[Provided data]

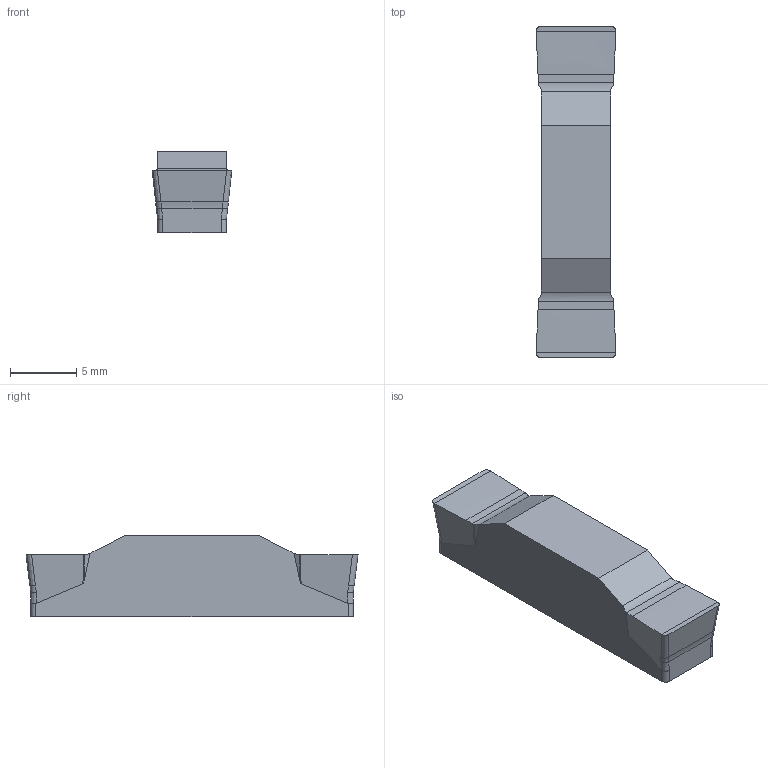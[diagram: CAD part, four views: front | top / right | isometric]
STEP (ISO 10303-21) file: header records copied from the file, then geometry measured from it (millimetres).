
FILE_DESCRIPTION(/* description */ (''),/* implementation_level */ '2;1');
FILE_NAME(/* name */ 'CUT_1.STP',/* time_stamp */ '2024-01-03T10:19:11+01:00',/* author */ (''),/* organization */ ('SMS'),/* preprocessor_version */ 'ST-DEVELOPER v16.7',/* originating_system */ 'SIEMENS PLM Software NX 12.0',/* authorisation */ '');
FILE_SCHEMA (('AUTOMOTIVE_DESIGN { 1 0 10303 214 3 1 1 1 }'));
Length unit declared in the file: millimetre
Products named in the file (1): CUT_1
Bounding box: 6 x 24.99 x 6.14 mm (x, y, z)
Volume: 701.9 mm3; surface area: 581.7 mm2
Topology: 1 solids, 1 shells, 48 faces, 131 edges, 87 vertices
Faces by surface type: plane 20, bspline 18, cylinder 6, extrusion 4
Entity records: 2827 total; most frequent: CARTESIAN_POINT 1756, ORIENTED_EDGE 260, DIRECTION 138, EDGE_CURVE 130, VERTEX_POINT 84, B_SPLINE_CURVE_WITH_KNOTS 70, ADVANCED_FACE 48, FACE_OUTER_BOUND 48
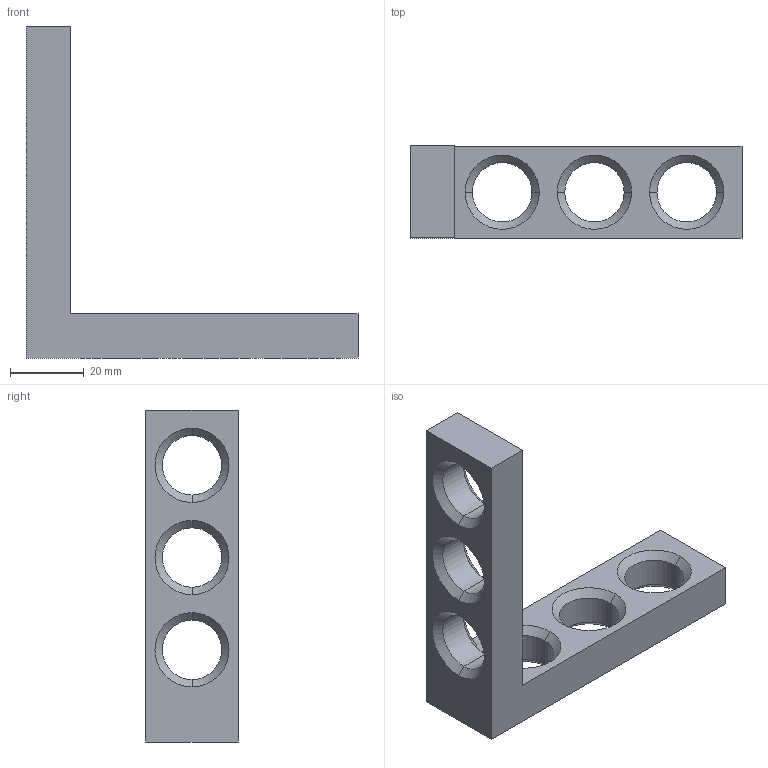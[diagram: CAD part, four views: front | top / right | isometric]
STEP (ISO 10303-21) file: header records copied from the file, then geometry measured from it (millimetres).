
FILE_DESCRIPTION(('STEP AP214'),'1');
FILE_NAME('160113.STP','2011-09-02T12:22:47',(' '),(' '),'Spatial InterOp 3D',' ',' ');
FILE_SCHEMA(('automotive_design'));
Length unit declared in the file: millimetre
Products named in the file (1): Quader
Bounding box: 90 x 25 x 90 mm (x, y, z)
Volume: 34427.6 mm3; surface area: 13582.1 mm2
Topology: 1 solids, 1 shells, 44 faces, 102 edges, 60 vertices
Faces by surface type: cone 24, cylinder 12, plane 8
Entity records: 1642 total; most frequent: DIRECTION 240, CARTESIAN_POINT 207, ORIENTED_EDGE 204, EDGE_CURVE 102, AXIS2_PLACEMENT_3D 93, VERTEX_POINT 60, EDGE_LOOP 56, LINE 54
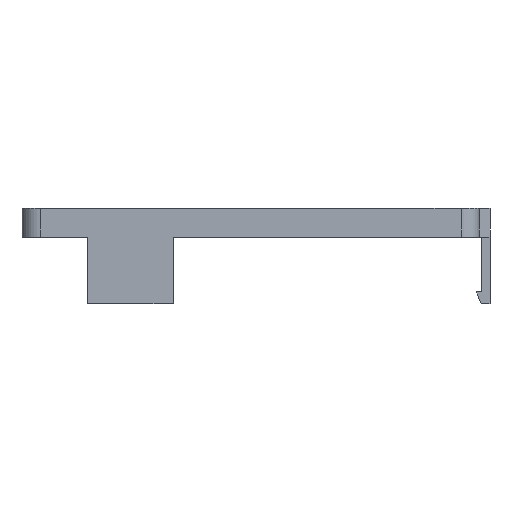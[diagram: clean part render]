
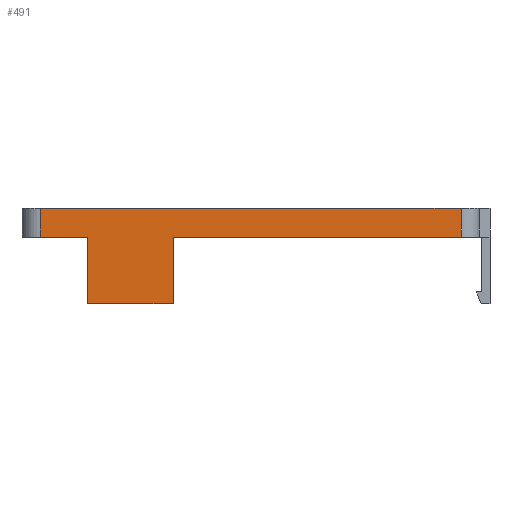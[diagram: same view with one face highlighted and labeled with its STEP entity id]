
A CAD part, left-side view. The second image highlights one B-rep face of the part: STEP entity #491.
In plain terms, the highlighted planar face has unit normal (-1, 0, 0).
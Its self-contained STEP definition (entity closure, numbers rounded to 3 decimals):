
#33 = DIRECTION ( 'NONE',  ( 0., 1., 0. ) ) ;
#185 = VECTOR ( 'NONE', #3511, 1000. ) ;
#219 = VERTEX_POINT ( 'NONE', #3546 ) ;
#343 = VECTOR ( 'NONE', #2229, 1000. ) ;
#345 = AXIS2_PLACEMENT_3D ( 'NONE', #5090, #3752, #33 ) ;
#491 = ADVANCED_FACE ( 'NONE', ( #1333 ), #842, .F. ) ;
#503 = DIRECTION ( 'NONE',  ( 0., 0., -1. ) ) ;
#555 = VECTOR ( 'NONE', #3085, 1000. ) ;
#672 = EDGE_CURVE ( 'NONE', #4239, #2412, #1828, .T. ) ;
#842 = PLANE ( 'NONE',  #345 ) ;
#973 = LINE ( 'NONE', #5075, #1401 ) ;
#1009 = DIRECTION ( 'NONE',  ( 0., 0., -1. ) ) ;
#1053 = EDGE_CURVE ( 'NONE', #3754, #219, #3857, .T. ) ;
#1062 = EDGE_CURVE ( 'NONE', #219, #2412, #4702, .T. ) ;
#1108 = CARTESIAN_POINT ( 'NONE',  ( -46.29, 54.2, -12.4 ) ) ;
#1333 = FACE_OUTER_BOUND ( 'NONE', #2889, .T. ) ;
#1358 = EDGE_CURVE ( 'NONE', #4698, #4595, #2215, .T. ) ;
#1371 = CARTESIAN_POINT ( 'NONE',  ( -46.29, 79., 0. ) ) ;
#1384 = ORIENTED_EDGE ( 'NONE', *, *, #1483, .T. ) ;
#1401 = VECTOR ( 'NONE', #2569, 1000. ) ;
#1404 = CARTESIAN_POINT ( 'NONE',  ( -46.29, 0.5, 0. ) ) ;
#1450 = ORIENTED_EDGE ( 'NONE', *, *, #1053, .F. ) ;
#1483 = EDGE_CURVE ( 'NONE', #2162, #4239, #2704, .T. ) ;
#1491 = CARTESIAN_POINT ( 'NONE',  ( -46.29, 0.5, 5.4 ) ) ;
#1504 = VERTEX_POINT ( 'NONE', #5154 ) ;
#1638 = VECTOR ( 'NONE', #1009, 1000. ) ;
#1778 = EDGE_CURVE ( 'NONE', #3754, #4698, #2561, .T. ) ;
#1828 = LINE ( 'NONE', #2288, #185 ) ;
#2162 = VERTEX_POINT ( 'NONE', #1108 ) ;
#2215 = LINE ( 'NONE', #1371, #5316 ) ;
#2229 = DIRECTION ( 'NONE',  ( 0., -1., 0. ) ) ;
#2268 = CARTESIAN_POINT ( 'NONE',  ( -46.29, 54.2, -12.4 ) ) ;
#2288 = CARTESIAN_POINT ( 'NONE',  ( -46.29, 79., 0. ) ) ;
#2322 = EDGE_CURVE ( 'NONE', #1504, #4595, #3298, .T. ) ;
#2412 = VERTEX_POINT ( 'NONE', #1404 ) ;
#2561 = LINE ( 'NONE', #2993, #4984 ) ;
#2569 = DIRECTION ( 'NONE',  ( 0., 1., 0. ) ) ;
#2704 = LINE ( 'NONE', #2268, #555 ) ;
#2793 = CARTESIAN_POINT ( 'NONE',  ( -46.29, 79., 0. ) ) ;
#2889 = EDGE_LOOP ( 'NONE', ( #4994, #4035, #4714, #1384, #4533, #5101, #1450, #4264 ) ) ;
#2993 = CARTESIAN_POINT ( 'NONE',  ( -46.29, 79., 5.4 ) ) ;
#3085 = DIRECTION ( 'NONE',  ( 0., 0., 1. ) ) ;
#3148 = CARTESIAN_POINT ( 'NONE',  ( -46.29, 79., 5.4 ) ) ;
#3298 = LINE ( 'NONE', #4088, #5083 ) ;
#3463 = DIRECTION ( 'NONE',  ( 0., -1., 0. ) ) ;
#3487 = CARTESIAN_POINT ( 'NONE',  ( -46.29, 54.2, 0. ) ) ;
#3511 = DIRECTION ( 'NONE',  ( 0., -1., 0. ) ) ;
#3546 = CARTESIAN_POINT ( 'NONE',  ( -46.29, 0.5, 5.4 ) ) ;
#3752 = DIRECTION ( 'NONE',  ( 1., 0., 0. ) ) ;
#3754 = VERTEX_POINT ( 'NONE', #5079 ) ;
#3857 = LINE ( 'NONE', #3148, #343 ) ;
#4035 = ORIENTED_EDGE ( 'NONE', *, *, #2322, .F. ) ;
#4088 = CARTESIAN_POINT ( 'NONE',  ( -46.29, 70.2, -12.4 ) ) ;
#4239 = VERTEX_POINT ( 'NONE', #3487 ) ;
#4264 = ORIENTED_EDGE ( 'NONE', *, *, #1778, .T. ) ;
#4532 = DIRECTION ( 'NONE',  ( 0., 0., 1. ) ) ;
#4533 = ORIENTED_EDGE ( 'NONE', *, *, #672, .T. ) ;
#4595 = VERTEX_POINT ( 'NONE', #5088 ) ;
#4698 = VERTEX_POINT ( 'NONE', #2793 ) ;
#4702 = LINE ( 'NONE', #1491, #1638 ) ;
#4714 = ORIENTED_EDGE ( 'NONE', *, *, #5331, .F. ) ;
#4984 = VECTOR ( 'NONE', #503, 1000. ) ;
#4994 = ORIENTED_EDGE ( 'NONE', *, *, #1358, .T. ) ;
#5075 = CARTESIAN_POINT ( 'NONE',  ( -46.29, 70.2, -12.4 ) ) ;
#5079 = CARTESIAN_POINT ( 'NONE',  ( -46.29, 79., 5.4 ) ) ;
#5083 = VECTOR ( 'NONE', #4532, 1000. ) ;
#5088 = CARTESIAN_POINT ( 'NONE',  ( -46.29, 70.2, 0. ) ) ;
#5090 = CARTESIAN_POINT ( 'NONE',  ( -46.29, 79., 5.4 ) ) ;
#5101 = ORIENTED_EDGE ( 'NONE', *, *, #1062, .F. ) ;
#5154 = CARTESIAN_POINT ( 'NONE',  ( -46.29, 70.2, -12.4 ) ) ;
#5316 = VECTOR ( 'NONE', #3463, 1000. ) ;
#5331 = EDGE_CURVE ( 'NONE', #2162, #1504, #973, .T. ) ;

[What you should do] Write down, word for word, the lines above from the one containing "#2162 = VERTEX_POINT ( 'NONE', #1108 ) ;" through the one containing "#4088 = CARTESIAN_POINT", both ends included.

[Expected output]
#2162 = VERTEX_POINT ( 'NONE', #1108 ) ;
#2215 = LINE ( 'NONE', #1371, #5316 ) ;
#2229 = DIRECTION ( 'NONE',  ( 0., -1., 0. ) ) ;
#2268 = CARTESIAN_POINT ( 'NONE',  ( -46.29, 54.2, -12.4 ) ) ;
#2288 = CARTESIAN_POINT ( 'NONE',  ( -46.29, 79., 0. ) ) ;
#2322 = EDGE_CURVE ( 'NONE', #1504, #4595, #3298, .T. ) ;
#2412 = VERTEX_POINT ( 'NONE', #1404 ) ;
#2561 = LINE ( 'NONE', #2993, #4984 ) ;
#2569 = DIRECTION ( 'NONE',  ( 0., 1., 0. ) ) ;
#2704 = LINE ( 'NONE', #2268, #555 ) ;
#2793 = CARTESIAN_POINT ( 'NONE',  ( -46.29, 79., 0. ) ) ;
#2889 = EDGE_LOOP ( 'NONE', ( #4994, #4035, #4714, #1384, #4533, #5101, #1450, #4264 ) ) ;
#2993 = CARTESIAN_POINT ( 'NONE',  ( -46.29, 79., 5.4 ) ) ;
#3085 = DIRECTION ( 'NONE',  ( 0., 0., 1. ) ) ;
#3148 = CARTESIAN_POINT ( 'NONE',  ( -46.29, 79., 5.4 ) ) ;
#3298 = LINE ( 'NONE', #4088, #5083 ) ;
#3463 = DIRECTION ( 'NONE',  ( 0., -1., 0. ) ) ;
#3487 = CARTESIAN_POINT ( 'NONE',  ( -46.29, 54.2, 0. ) ) ;
#3511 = DIRECTION ( 'NONE',  ( 0., -1., 0. ) ) ;
#3546 = CARTESIAN_POINT ( 'NONE',  ( -46.29, 0.5, 5.4 ) ) ;
#3752 = DIRECTION ( 'NONE',  ( 1., 0., 0. ) ) ;
#3754 = VERTEX_POINT ( 'NONE', #5079 ) ;
#3857 = LINE ( 'NONE', #3148, #343 ) ;
#4035 = ORIENTED_EDGE ( 'NONE', *, *, #2322, .F. ) ;
#4088 = CARTESIAN_POINT ( 'NONE',  ( -46.29, 70.2, -12.4 ) ) ;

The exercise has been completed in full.